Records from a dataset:
Start of Block
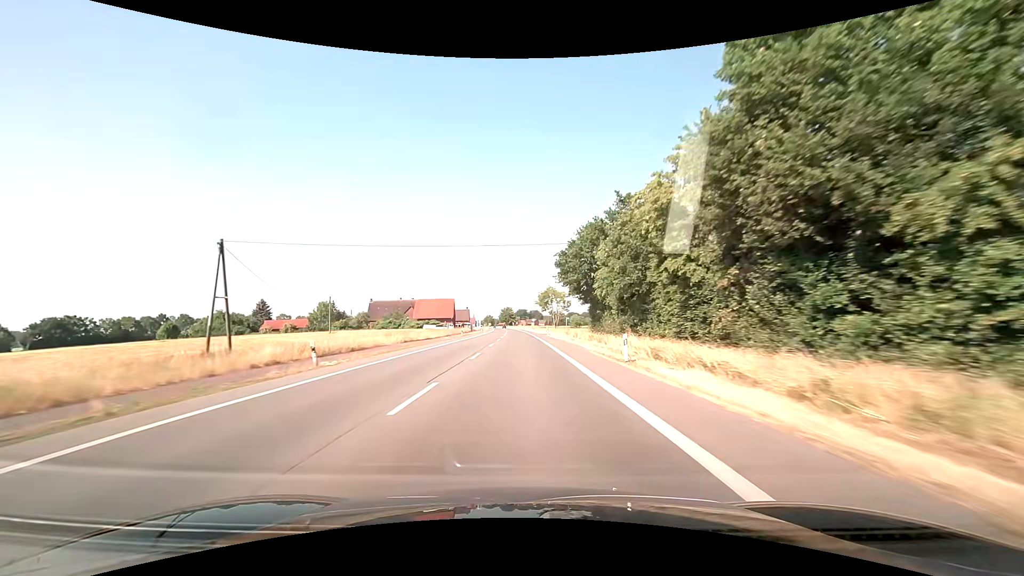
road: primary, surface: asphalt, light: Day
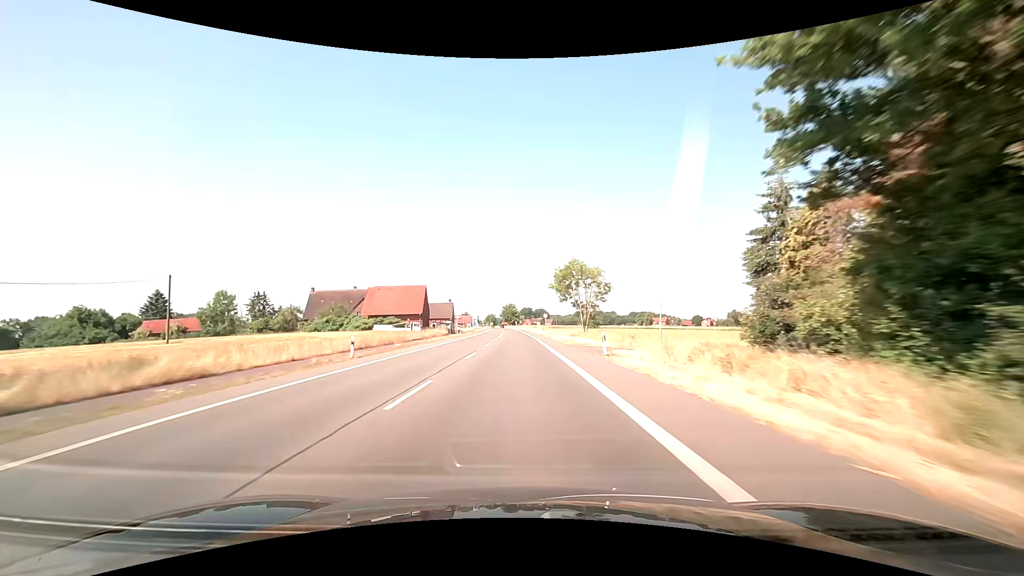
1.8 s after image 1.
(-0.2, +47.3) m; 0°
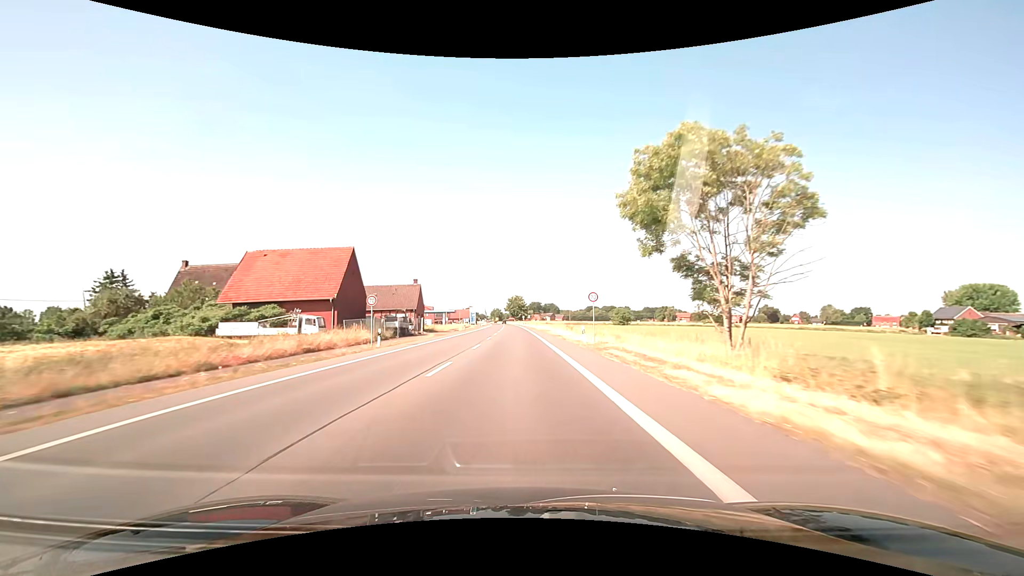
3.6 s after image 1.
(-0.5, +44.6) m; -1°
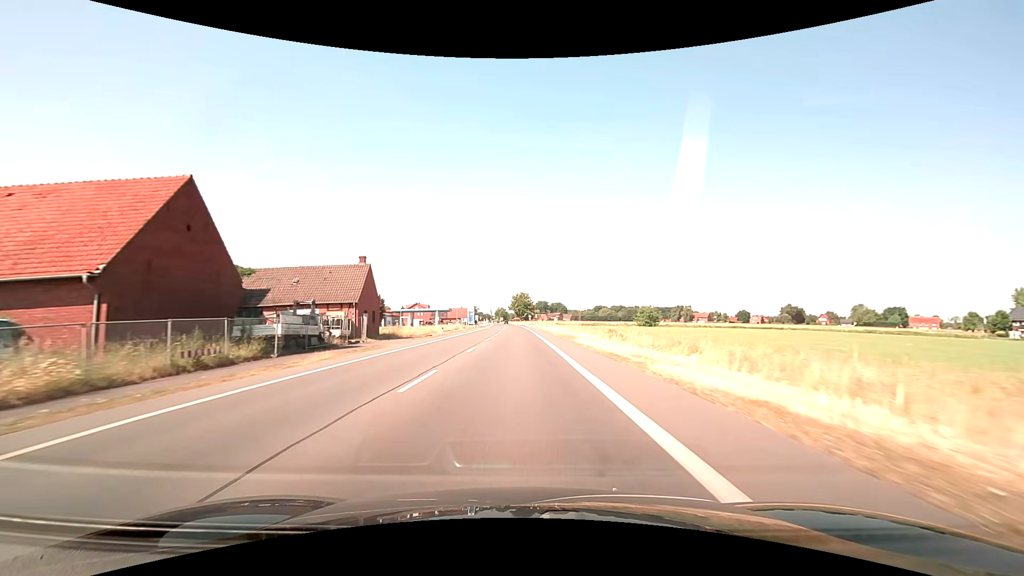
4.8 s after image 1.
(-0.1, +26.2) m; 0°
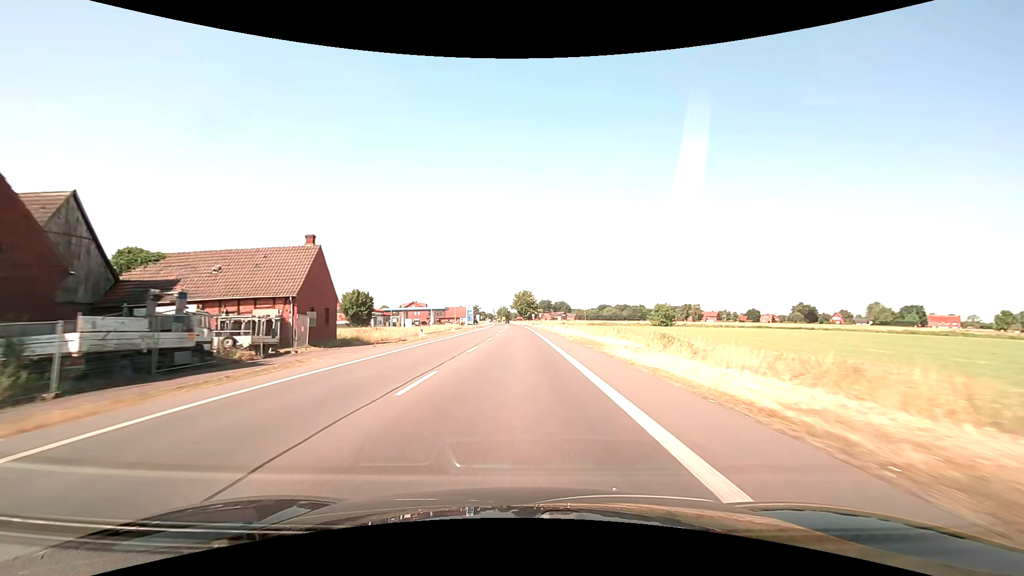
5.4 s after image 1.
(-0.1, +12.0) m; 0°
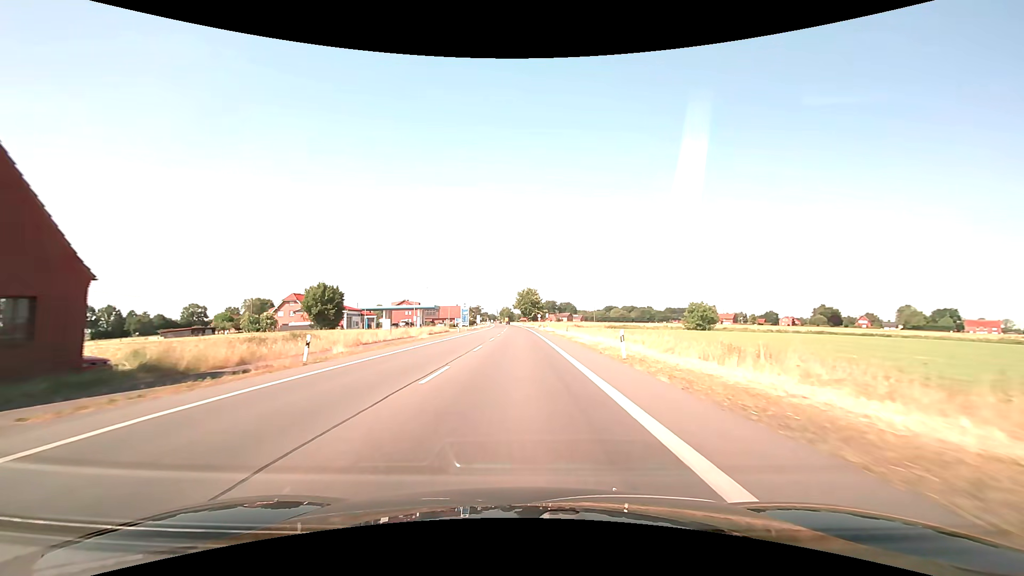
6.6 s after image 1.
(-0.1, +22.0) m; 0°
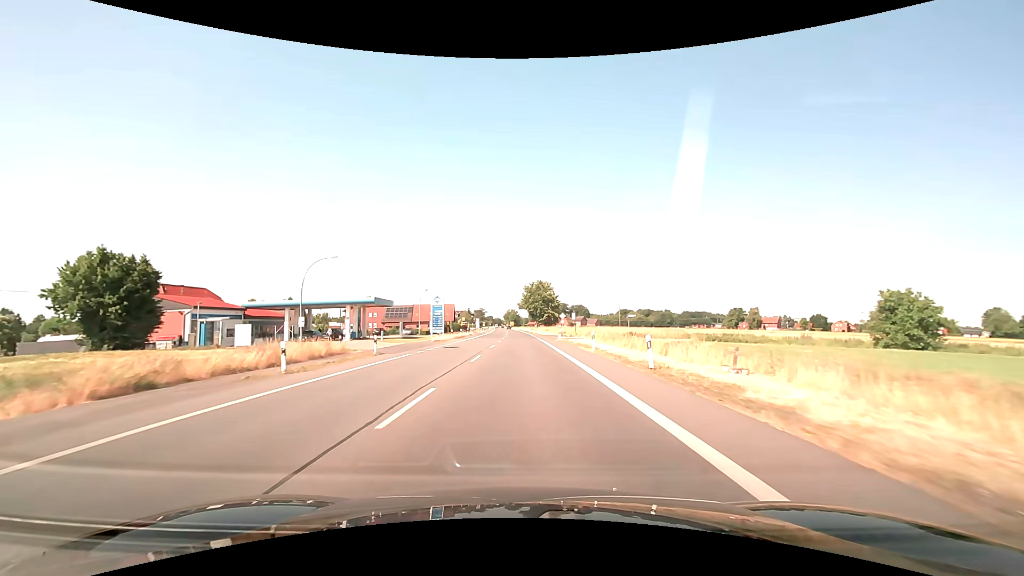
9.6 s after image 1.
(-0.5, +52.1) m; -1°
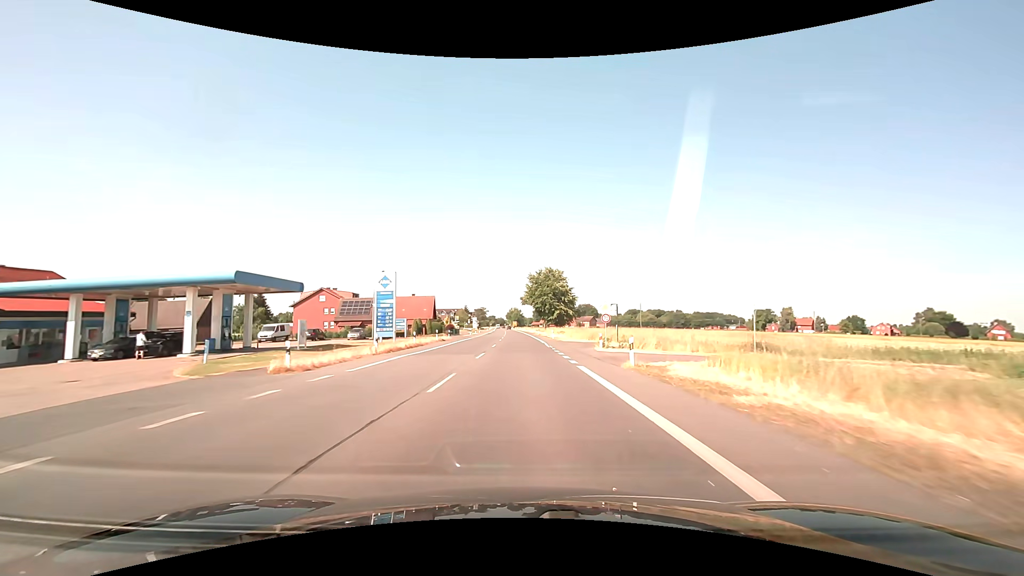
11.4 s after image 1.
End of Block
# WHAT TO WORK ON
A faithful copy of all the entries is required, pictures excluded.

# COMPLETED EXERCISE
road: primary, surface: asphalt, light: Day
1.8 s after image 1.
(-0.2, +47.3) m; 0°
3.6 s after image 1.
(-0.5, +44.6) m; -1°
4.8 s after image 1.
(-0.1, +26.2) m; 0°
5.4 s after image 1.
(-0.1, +12.0) m; 0°
6.6 s after image 1.
(-0.1, +22.0) m; 0°
9.6 s after image 1.
(-0.5, +52.1) m; -1°
11.4 s after image 1.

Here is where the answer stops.